In the event, we found that most of the younger people who we approached were pleased to be given a poppy, and we are now thinking how we might build on our experience.

Ruth Tod

Welcoming Prayer

Madeleine Kay describes the commonalities and differences between Experiment with Light and Focusing. I have recently discovered another connection.

Centring Prayer, as developed by Thomas Keating, includes the Welcoming Prayer as a way of breaking into habitual unhelpful emotional patterns. Cynthia Bourgeault describes it as a ‘window of opportunity’, first referred to by Evagrius, a fourth century desert father.  It teaches that if I can spot an emotional discomfort at an early stage, I can recognise it and let go, rather than letting it build up into a fully developed state of, say, fear or anger.

Welcoming Prayer has three components. First, focus on the sensation in the body. Second, welcome the sensation/emotion and go back and forth between focusing and the welcoming. Third, let go – this is the point of awareness and surrender.

Rosemary Field

Addiction and fellowship

In her report of the Quaker Action on Alcohol and Drugs (QAAD) weekend at Charney Manor (12 January) Yveline Arnaud reports one recovering alcoholic saying that unlike QAAD gatherings he had never had an opportunity in an Alcoholics Anonymous (AA) meeting to meet with people from other fellowships.

But many AA members today are dually and even multiply addicted and belong to various fellowships. The city near where I live has three treatment centres for addicts who are routinely ferried to AA and other Twelve Step meetings, though in an AA meeting they are asked to confine their sharing to their alcohol problem. At AA conventions AA speakers often share the platform with Al-Anon members. [Al-Anon is a programmme of recovery for people who are affected by another person’s drinking, whether that be a friend or family member.]

Anonymous
(Name and address supplied)

Thanks and applause

Further to the letter from Peter Rivers (12 January), ‘new non-Quaker trustees’ are not the only ones ‘bemused’ by the Quaker practice of neither thanking each other nor applauding.

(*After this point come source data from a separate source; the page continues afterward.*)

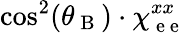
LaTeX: \cos^{2}(\theta_{\mathrm{~B~}})\cdot\chi_{\mathrm{~e~e~}}^{xx}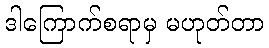
ဒါကြောက်စရာမှ မဟုတ်တာ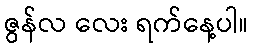
ဇွန်လ လေး ရက်နေ့ပါ။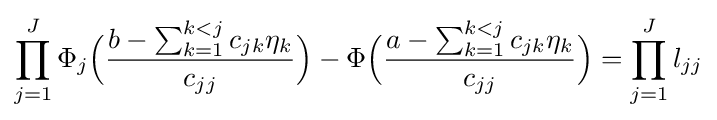
\prod _{j=1}^{J}\Phi _{j}{\Big (}{\frac {b-\sum _{k=1}^{k<j}c_{jk}\eta _{k}}{c_{jj}}}{\Big )}-\Phi {\Big (}{\frac {a-\sum _{k=1}^{k<j}c_{jk}\eta _{k}}{c_{jj}}}{\Big )}=\prod _{j=1}^{J}l_{jj}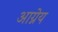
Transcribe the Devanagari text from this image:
अाग्नेय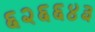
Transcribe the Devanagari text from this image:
६२६६४३

When I raised this at my Meeting for Worship recently, two septuagenarians, one a birthright member, both educated at Quaker schools, and whose Quaker family credentials stretch back for generations, were also incredulous!

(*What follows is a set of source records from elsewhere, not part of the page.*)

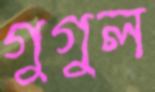
গুগুল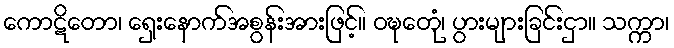
ကောဋိတော၊ ရှေးနောက်အစွန်းအားဖြင့်။ ဝဍ္ဎေတုံ၊ ပွားများခြင်းငှာ။ သက္ကာ၊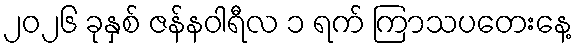
၂၀၂၆ ခုနှစ် ဇန်နဝါရီလ ၁ ရက် ကြာသပတေးနေ့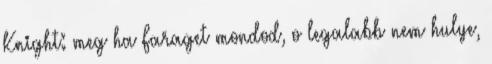
Knight: meg ha Faraget mondod, o legalabb nem hulye,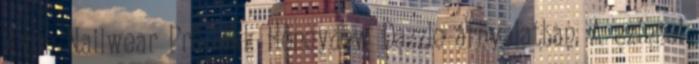
Avon Nailwear Pro lakk Honeydew Dazzle árnyalatban. A színnel

But I’ve encountered this practice previously, most notably at the end of a summer gathering, when the children presented their stories about the week – and were met by a cold wall of silence.  I have tried to find an explanation for this, but without success.  Enlightenment, please?

Jan Lethbridge

Quakers and spirituality

I found Madeleine Kay’s article on Quakers and spirituality (5 January) very interesting, especially the inclusion of Experiment with Light and Focusing as being important methods.  Yet I could not accept the conclusion that most Friends today do not experience something deeply moving, and that for many the profoundly spiritual is unavailable to them because of a secularisation of the Society.

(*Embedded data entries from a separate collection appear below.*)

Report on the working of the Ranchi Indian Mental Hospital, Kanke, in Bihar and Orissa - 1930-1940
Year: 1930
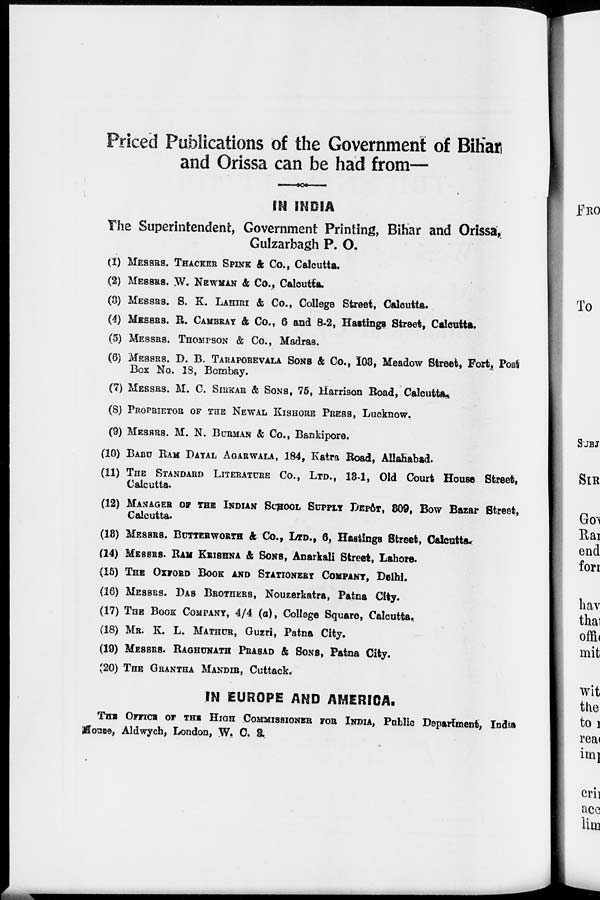
Priced Publications of the Government of Bihar
and Orissa can be had from—
IN INDIA
The Superintendent, Government Printing, Bihar and Orissa,
Gulzarbagh P. O.
(1) MESSRS. THACKER SPINK & Co., Calcutta.
(2) MESSRS. W. NEWMAN & Co., Calcutta.
(3) MESSRS. S. K. LAHIRI & Co., College Street, Calcutta.
(4) MESSRS. R. CAMBRAY & Co., 6 and 8-2, Hastings Street, Calcutta.
(5) MESSRS. THOMPSON & Co., Madras.
(6) MESSRS. D. B. TARAPOREVALA SONS & Co., 103, Meadow Street, Fort, Post
Box No. 18, Bombay.
(7) MESSRS. M. C. SIRKAR & SONS, 75, Harrison Road, Calcutta.
(8) PROPRIETOR OF THE NEWAL KISHORE PRESS, Lucknow.
(9) MESSRS. M. N. BURMAN & Co., Bankipore.
(10) BABU RAM DAYAL AGARWALA, 184, Katra Road, Allahabad.
(11) THE STANDARD LITERATURE Co., LTD., 13-1, Old Court House Street,
Calcutta.
(12) MANAGER OF THE INDIAN SCHOOL SUPPLY DEPÔT, 309, Bow Bazar Street,
Calcutta.
(13) MESSRS. BUTTERWORTH & Co., LTD., 6, Hastings Street, Calcutta.
(14) MESSRS. RAM KRISHNA & SONS, Anarkali Street, Lahore.
(15) THE OXFORD BOOK AND STATIONERY COMPANY, Delhi.
(16) MESSRS. DAS BROTHERS, Nouzerkatra, Patna City.
(17) THE BOOK COMPANY, 4/4 (a), College Square, Calcutta.
(18) MR. K. L. MATHUR, Guzri, Patna City.
(19) MESSRS. RAGHUNATH PRASAD & SONS, Patna City.
(20) THE GRANTHA MANDIR, Cuttack.
IN EUROPE AND AMERICA.
THE OFFICE OF THE HIGH COMMISSIONER FOR INDIA, Public Department, India
House, Aldwych, London, W. C. 2.

Those Friends who I see and read about today seem to me to have ‘extraordinary commitment, enthusiasm and energy’ – like early Quakers had, but in a different way. To me everything is sacred – for example, a poem is prayer-like if read with a sense of presence and bearing witness to the divinity within us all.

The article I found very informative and worthwhile, but conclusions, I find, can sometimes be too definitive.

Miriam Ryan

‘Go Beyond’

Some Friends know Quakerism as an internal mystical experience, while others take a more rationalist approach.

Perhaps, following the teaching of the great last-century mystic Bede Griffiths, all we need to do is to go beyond these dualities of human concepts towards ‘the non-dual mystery which embraces and transcends all; otherwise we are going to destroy one another’ (Bede Griffiths, The Mystery Beyond, 1997). And perhaps Quakers are best placed to ‘Go Beyond’.

Harry Underhill

Brexit

Friends who are angered or dismayed by Brexit should please be reassured that we are not withdrawing from the Council of Europe, which is explicitly founded on the essay of William Penn in 1693 and includes Russia as a member.

The primary purpose of leaving the EU – being, in the view of many, simply to regain national sovereignty – should not of itself harm our relationships with all Europeans.